Graham Keddie, managing director of Belfast International Airport, has 25 years' experience in the industry and has held roles in the UK, Abu Dhabi and Bahrain.
As the driving force behind the airport's resurgence, we spoke to him ahead of Routes Europe 2017, which will take place in Belfast, to hear the airport's major achevements, targets and challenges.
What were your major successes last year?
The headline growth figure is the single most important success. We exceeded 5.1 million passengers, generated in excess of 800 new jobs on our site, and opened new and important European routes. Established airlines added substantial capacity, and the decision by Ryanair to set up a base with us powered the growth we saw.
Nothing succeeds like success and increased passenger numbers are good for the business outlets in the Terminal. We have the ‘fully let’ sign up with all available units occupied. Now, we’re looking at carving out sufficient space for three additional retail units to keep abreast with demand.
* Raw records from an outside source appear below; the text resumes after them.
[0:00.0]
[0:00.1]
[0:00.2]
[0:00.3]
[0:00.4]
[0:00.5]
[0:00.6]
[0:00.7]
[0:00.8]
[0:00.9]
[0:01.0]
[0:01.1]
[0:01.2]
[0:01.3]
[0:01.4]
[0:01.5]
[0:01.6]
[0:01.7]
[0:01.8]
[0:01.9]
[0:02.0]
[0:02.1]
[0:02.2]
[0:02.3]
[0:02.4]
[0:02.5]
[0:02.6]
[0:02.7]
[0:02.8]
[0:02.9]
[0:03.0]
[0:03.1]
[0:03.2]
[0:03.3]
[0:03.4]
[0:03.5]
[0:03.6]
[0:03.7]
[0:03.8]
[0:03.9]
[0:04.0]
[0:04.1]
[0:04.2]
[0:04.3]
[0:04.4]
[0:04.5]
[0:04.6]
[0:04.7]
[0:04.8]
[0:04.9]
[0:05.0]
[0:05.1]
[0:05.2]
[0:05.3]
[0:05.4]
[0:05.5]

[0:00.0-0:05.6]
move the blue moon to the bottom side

Re-establishing direct trans-Atlantic services after the decision by United to end its Belfast-Newark service was hugely important for us. The new Norwegian Air services to New York and Boston are the culmination of lots of hard work and we’re absolutely delighted. We worked closely with Government to find a replacement airline and we were always optimistic that our efforts would bear fruit. The United States is incredibly important from both tourism and trade perspectives.
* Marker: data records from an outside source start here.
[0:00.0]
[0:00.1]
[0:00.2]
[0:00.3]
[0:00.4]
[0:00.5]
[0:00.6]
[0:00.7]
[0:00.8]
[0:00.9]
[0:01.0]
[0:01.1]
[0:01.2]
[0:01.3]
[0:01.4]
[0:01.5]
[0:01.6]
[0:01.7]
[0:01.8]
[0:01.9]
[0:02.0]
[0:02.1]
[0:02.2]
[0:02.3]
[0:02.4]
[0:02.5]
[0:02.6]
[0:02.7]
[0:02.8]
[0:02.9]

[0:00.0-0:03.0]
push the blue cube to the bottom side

We will see Corporation Tax devolved at cut to 12.5 per cent next year and we need to have direct access to the most important international mobile investment market. Similarly, we need to have direct services for inbound American visitors if Northern Ireland, as a region, is to benefit to the maximum level.
What are your next aspirations?
Apart from the United States and Canada, I would like to see our ‘reach’ extended in mainland Europe. The markets in Germany and Scandinavia are top of our list. we have also made no secret that we would like to reactivate our very popular Toronto service.
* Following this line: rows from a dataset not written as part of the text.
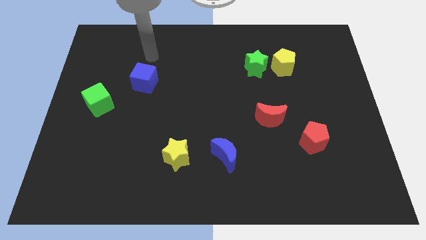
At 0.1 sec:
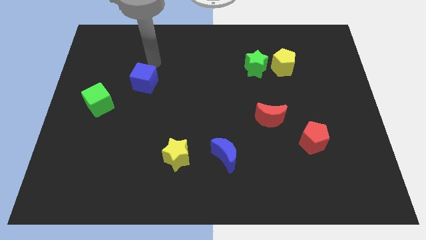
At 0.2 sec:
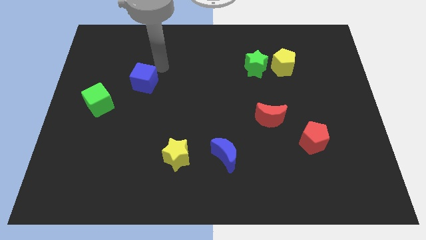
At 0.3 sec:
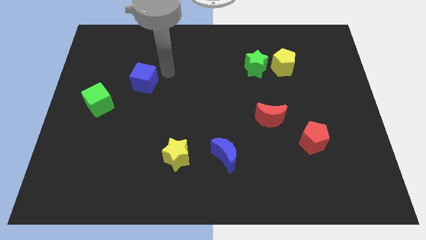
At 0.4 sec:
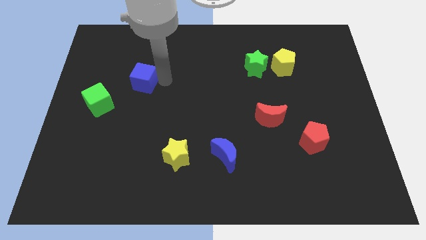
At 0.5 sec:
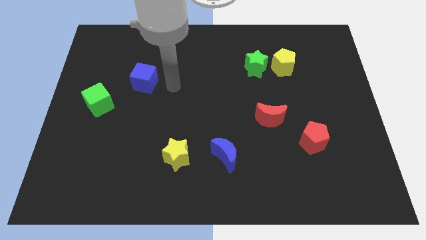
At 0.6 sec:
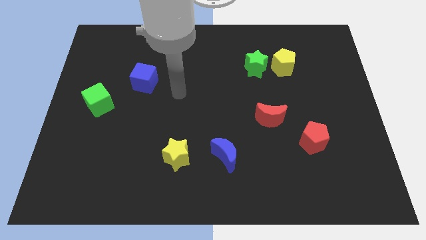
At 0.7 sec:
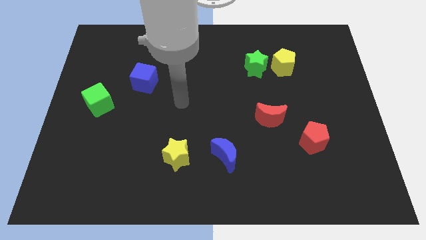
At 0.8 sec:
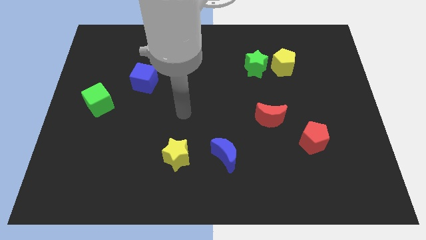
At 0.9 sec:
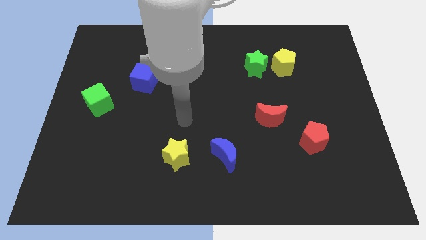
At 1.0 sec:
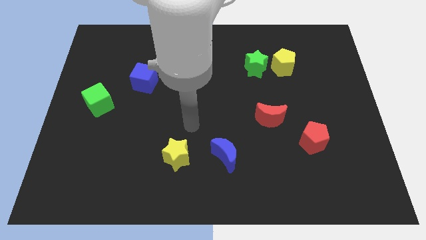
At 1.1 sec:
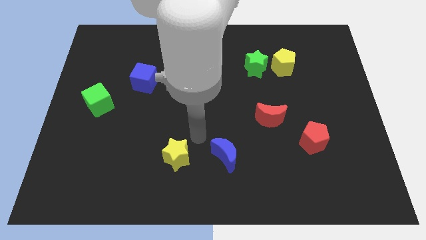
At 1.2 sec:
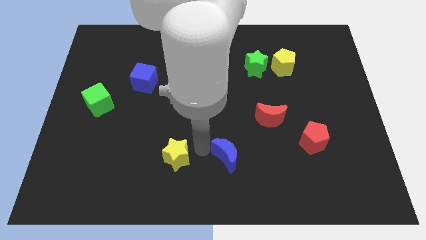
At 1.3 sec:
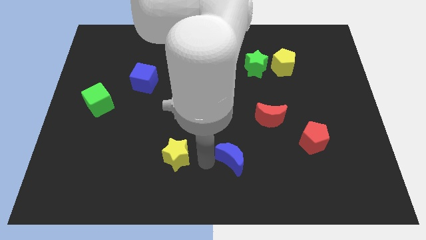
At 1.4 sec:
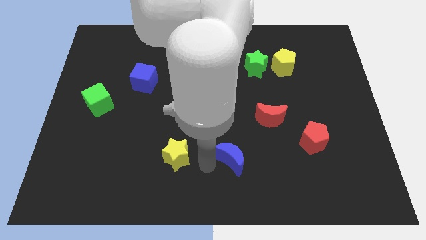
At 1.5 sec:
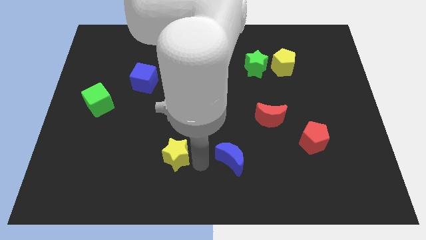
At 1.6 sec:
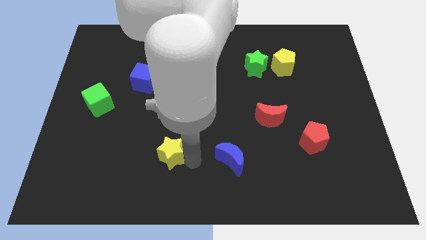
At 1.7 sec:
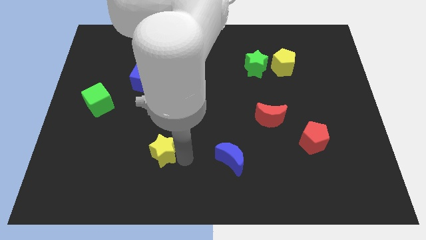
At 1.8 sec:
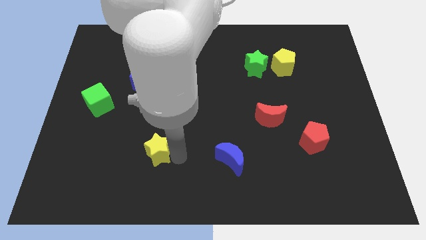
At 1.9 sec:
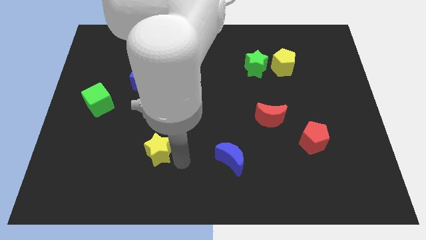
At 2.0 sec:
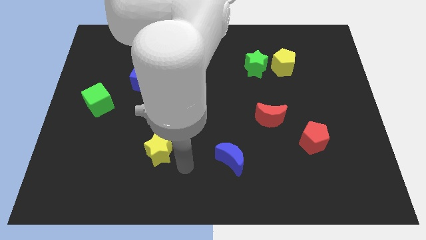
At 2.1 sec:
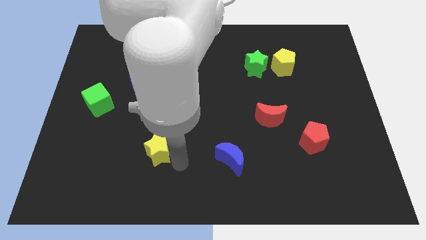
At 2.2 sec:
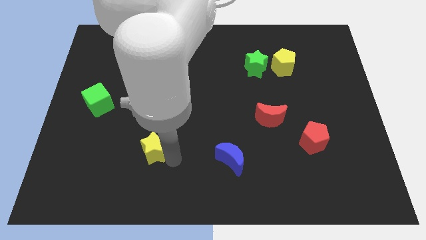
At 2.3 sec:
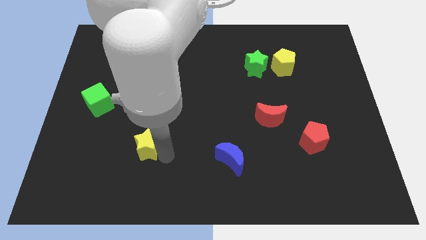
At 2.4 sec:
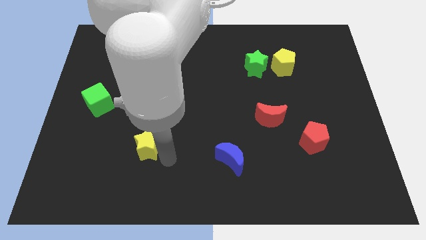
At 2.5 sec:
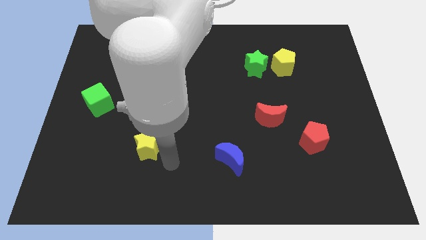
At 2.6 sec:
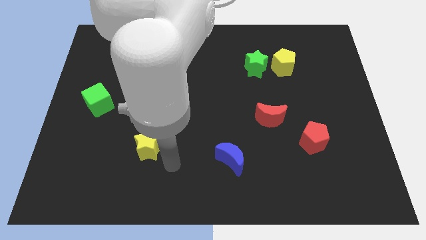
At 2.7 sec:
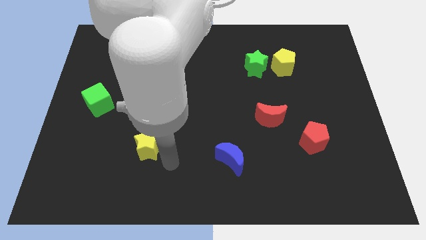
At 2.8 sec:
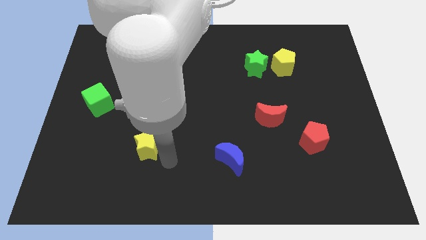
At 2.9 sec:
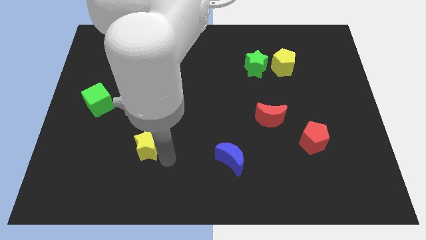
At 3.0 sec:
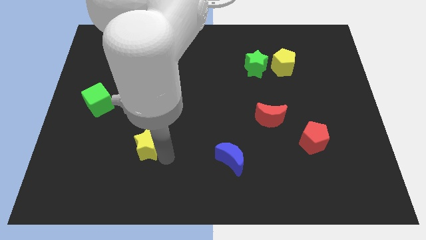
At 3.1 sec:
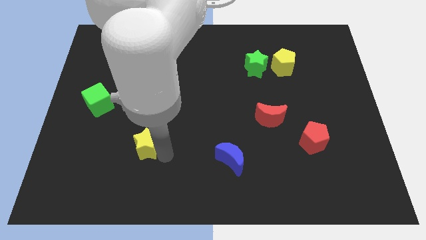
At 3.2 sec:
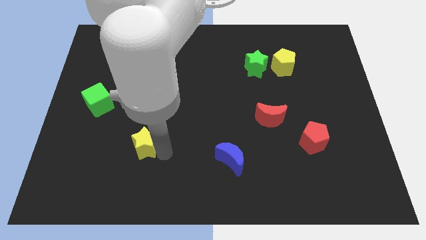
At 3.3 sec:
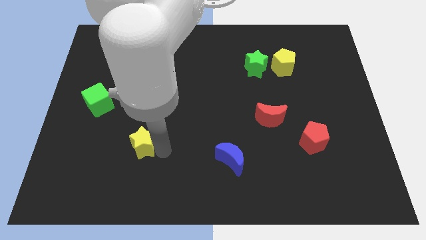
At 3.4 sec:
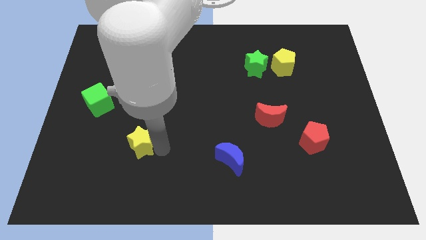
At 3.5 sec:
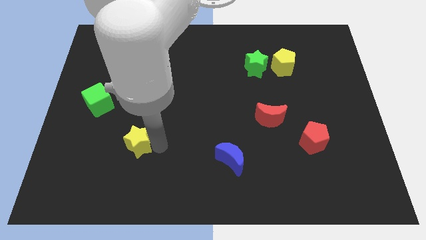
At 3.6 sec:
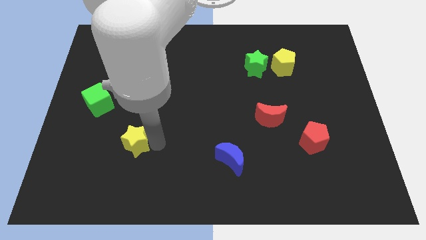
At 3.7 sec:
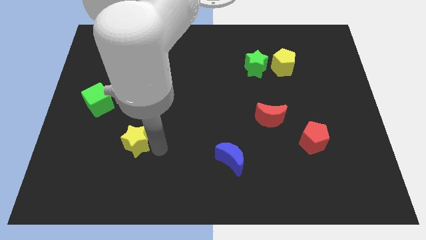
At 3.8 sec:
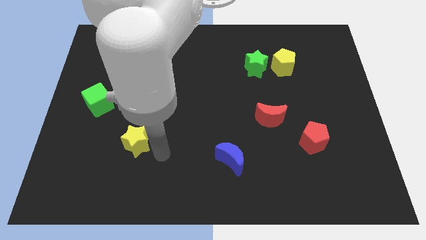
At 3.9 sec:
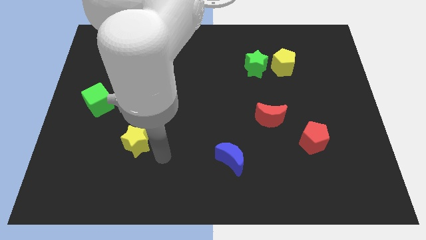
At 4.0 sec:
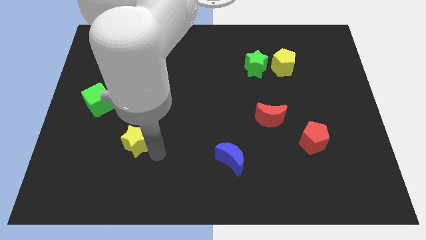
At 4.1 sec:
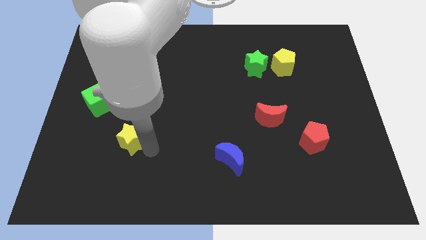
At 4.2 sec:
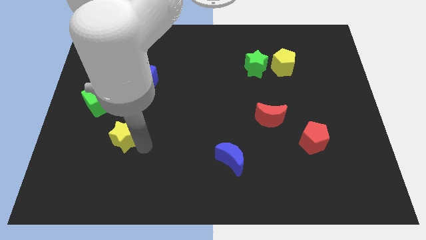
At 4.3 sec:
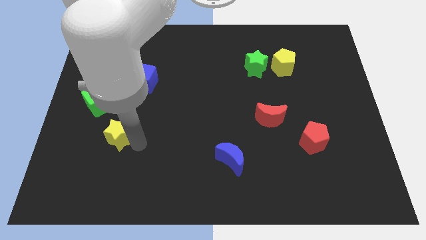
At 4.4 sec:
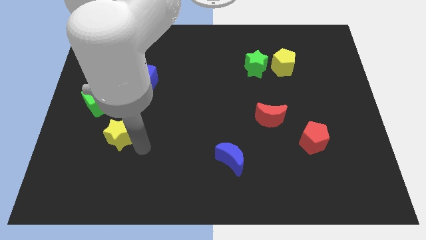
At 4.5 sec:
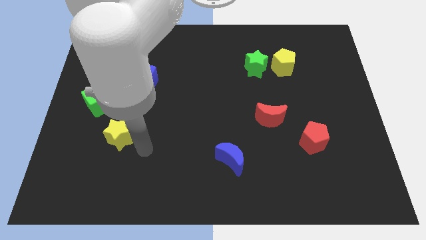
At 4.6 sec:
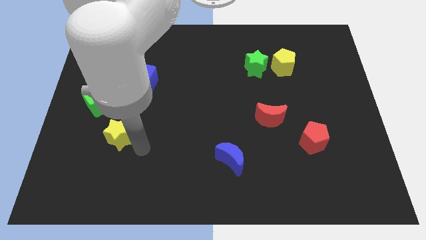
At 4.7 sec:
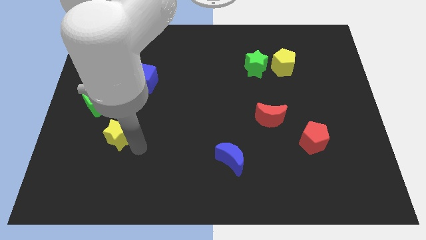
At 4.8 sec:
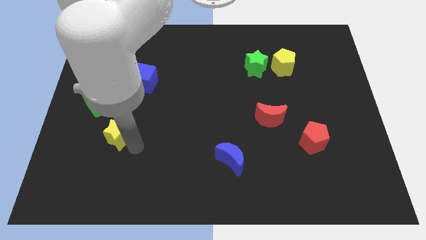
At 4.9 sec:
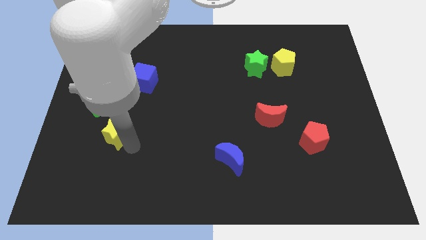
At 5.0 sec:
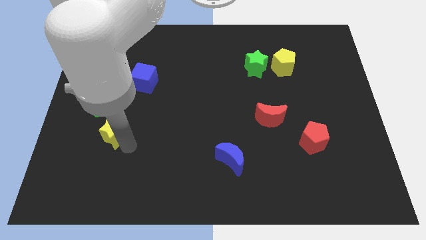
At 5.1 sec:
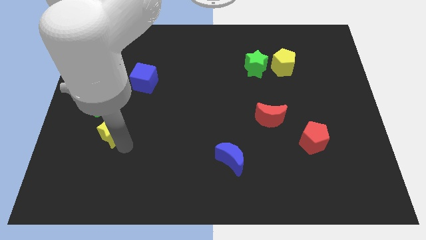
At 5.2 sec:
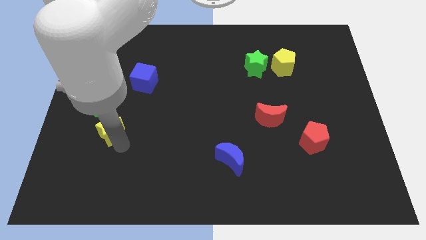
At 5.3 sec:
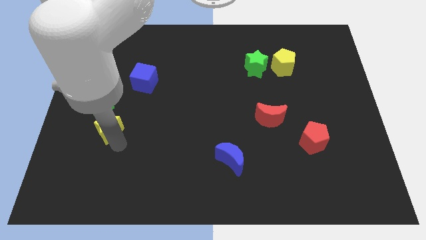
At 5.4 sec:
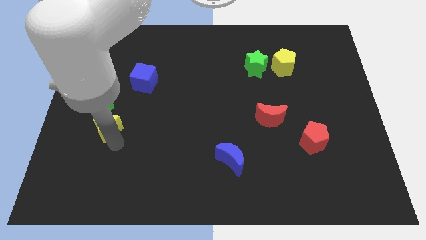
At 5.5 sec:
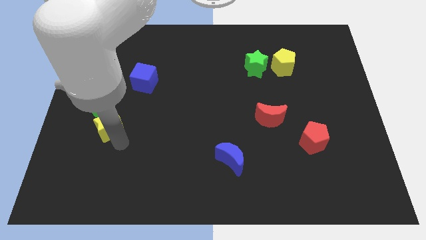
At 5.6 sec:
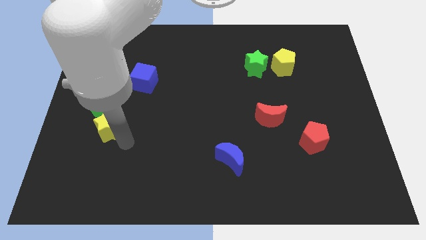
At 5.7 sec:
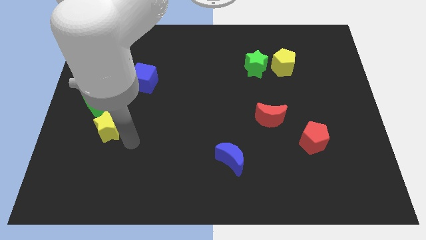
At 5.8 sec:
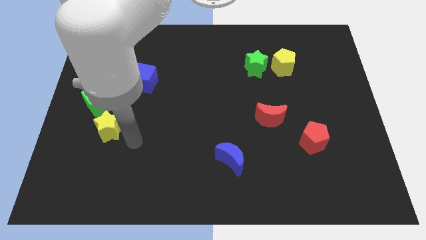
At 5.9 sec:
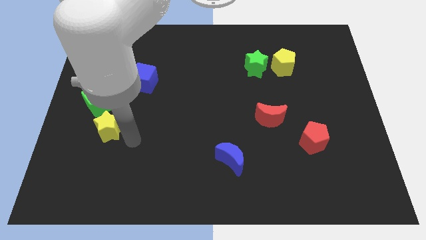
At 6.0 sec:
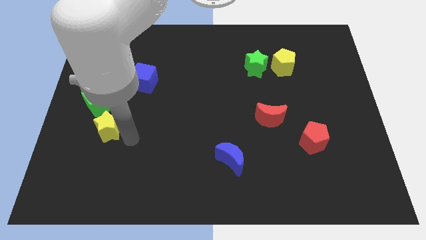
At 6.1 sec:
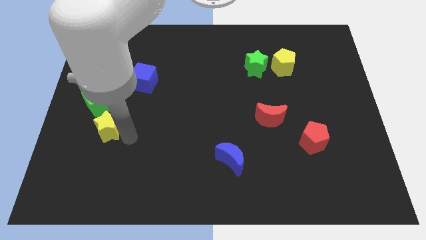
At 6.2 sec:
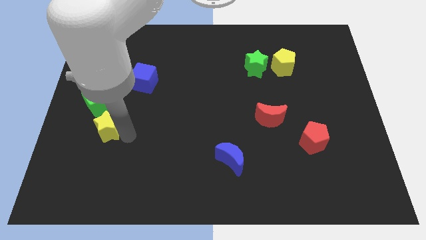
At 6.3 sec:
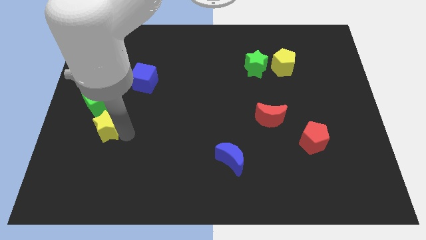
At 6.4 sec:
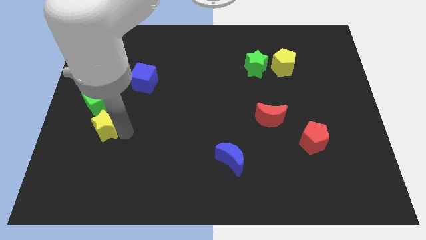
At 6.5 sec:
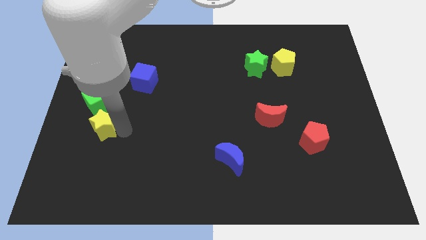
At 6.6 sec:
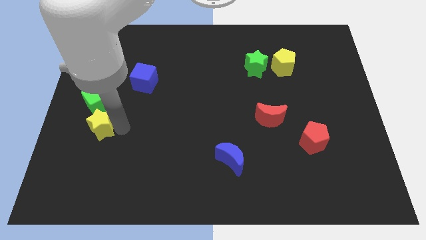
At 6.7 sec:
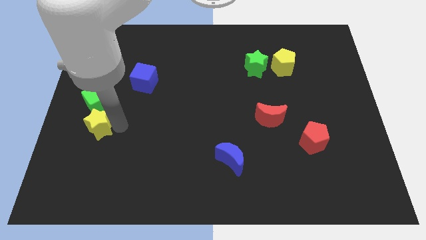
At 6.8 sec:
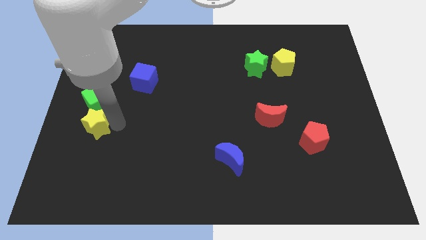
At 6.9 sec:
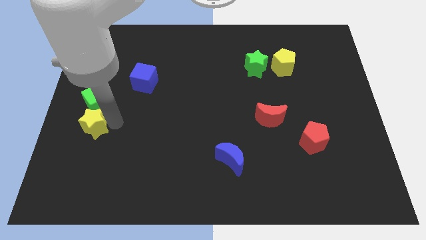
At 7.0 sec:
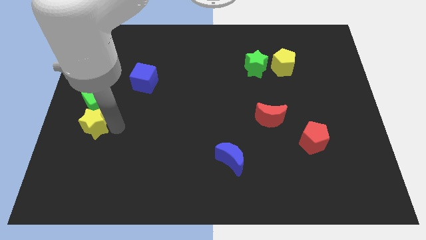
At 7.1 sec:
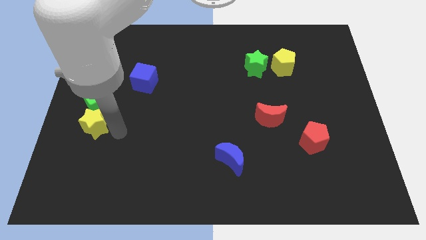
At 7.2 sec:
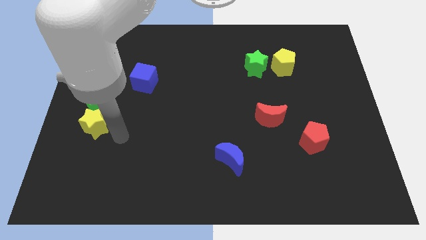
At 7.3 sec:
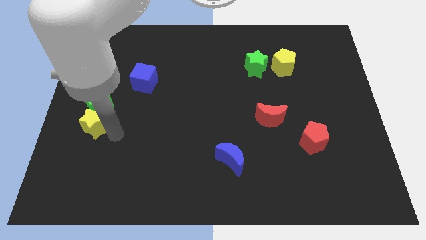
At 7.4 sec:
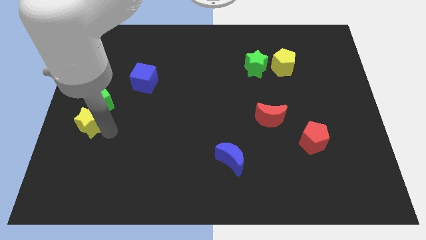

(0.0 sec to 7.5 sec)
push the yellow star to the center left

Increased coverage to important tourism markets will be good for the airport and if we prosper, then Northern Ireland will also benefit.
I want 2017 to be the year when we establish a new passenger record of 5.4 million. It’s entirely achievable. And, of course, that will mean more job opportunities and further private sector investment.
How is the growth of low-cost carriers impacting on the airport?
Low-cost airlines have driven the growth at Belfast International which is having a huge impact in terms of passenger figures and range of destinations. We will continue to work with our main carriers; easyJet, Ryanair, Jetw.com and Wizz to strengthen these services and also develop routes into new markets.
What impact is APD having on your airport?
We secured the devolution of APD on long-haul some years back; the challenge now is to get APD consigned to the bin on short-haul. APD is a barrier to growth, a drag on economic advancement. We’re doing quite well right now, but it is as nothing if the Government got rid of this appalling levy or devolved it to the local administration where it could be reduced or relegated to history.
What impact do you hope Routes Europe will have on your city, airport and country?
We cannot underestimate the importance of Routes Europe coming to Belfast – it will bring existing carriers and new carriers to our market where we can showcase all the best that Belfast has to offer. There is no substitute for having these decision makers on our doorstep to actually see and experience Belfast and Northern Ireland as a tourism destination and a place to do business.
Many attending Routes Europe will be in Northern Ireland for the first time and we want them to leave with a positive impression of the country and that we’re progressive and open for business. The opportunities presented by Routes Europe are enormous which is why we will do everything we can to make it a memorable event and an outstanding success.
Are there any other issues you would like to discuss?
Investment in infrastructure in important. I’d like to see the local Assembly take some positive decisions to improve road access to and from the International Airport which, incidentally, also accounts for 44,000 tonnes of cargo per annum. I’d also like to see a new feasibility study undertaken on the reinstatement of a railway link from the airport to Belfast city centre.